張麗花左手腕上帶著一條挺細銀鏈,銀鏈上鑲著一朵小小的玉蓮花。我雖然看不出什麽門道,但我相信,這絕不是一條普通的銀手鏈。雖然銀的價格不貴,但這畢竟是城隍繩家上任掌門送的東西,應該有很強的驅邪避凶或者其他功用吧,價值自然遠非普通的黃白俗物可比。
“嗯,真是好東西。”我雖然看不懂,也將就著說點好話吧,別讓張麗花再說一些沒有見識的話來擠兌我。
“那是,算你識貨。”張麗花顯得很滿意。
“你姥爺怎麽不為你請一塊玉佛直接戴在脖子上,那樣豈不是更大氣?”我笑著問她。
“我也不知道,姥爺說我戴佛不好,不讓我戴。”張麗花眨著她靈動的大眼睛對我說:“怪不得你連城隍繩家都不知道,原來隻顧著自己悶頭練習,也不知道和其他道派的人交流。回頭我把舅舅介紹給你認識認識,對你肯定有好處。不過這段時間他老人家正在閉關,表弟一直在身邊護法,可能要過些時候再說了。”張麗華說。

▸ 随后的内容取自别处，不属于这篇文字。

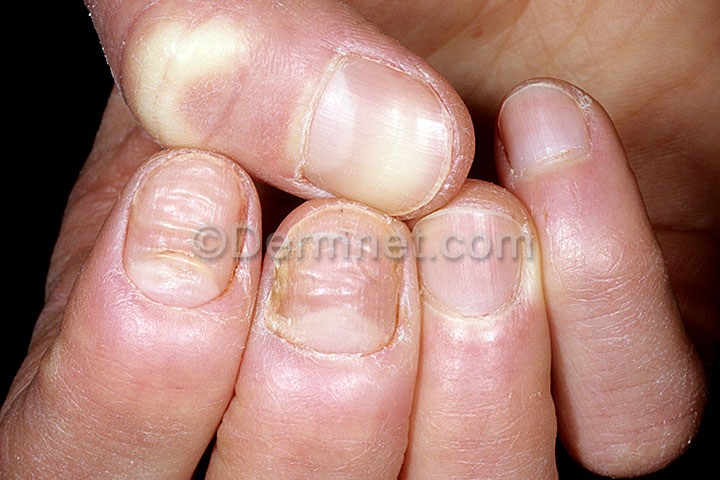
Disease: Nail Fungus and other Nail Disease
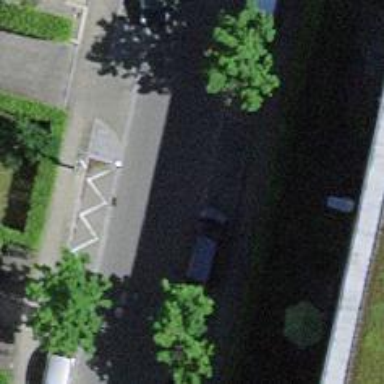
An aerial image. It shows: Public transport stop position.
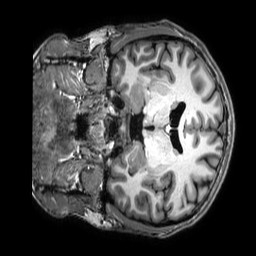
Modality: T1w
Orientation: coronal
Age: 23
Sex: male
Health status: healthy
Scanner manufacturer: philips
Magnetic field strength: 3 T
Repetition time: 0.009 s
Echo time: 0.003996 s

“沒關係,以後再說。”我本來也沒打算認識什麽城隍繩家掌門人,更沒有想過要靠太乙玄功混飯吃,畢竟咱是正經八百的大學畢業生啊。
忽然,張麗花使勁吸了吸鼻子說:“你聞到沒有,什麽味道這麽刺鼻?”
我下意識看了看前後的乘客,以為是那個習慣不良的家夥把滿是芬芳的腳丫子華麗麗擺出來的節奏,可望了一圈也沒有發現什麽異常。大巴車裏全是密閉的空間,雖然空氣並不新鮮,但也沒有什麽明顯的異味啊。
“這是要把人熏死嗎,這麽嗆。”張麗花用手捂住了鼻子。
我使勁用鼻子吸了吸,沒有發現什麽不對勁的味道啊,不會是張麗花在戲弄我吧。想到這裏,我笑了笑,對她豎起大拇指,“演技真好啊,不演電影白瞎你這大好人才了。”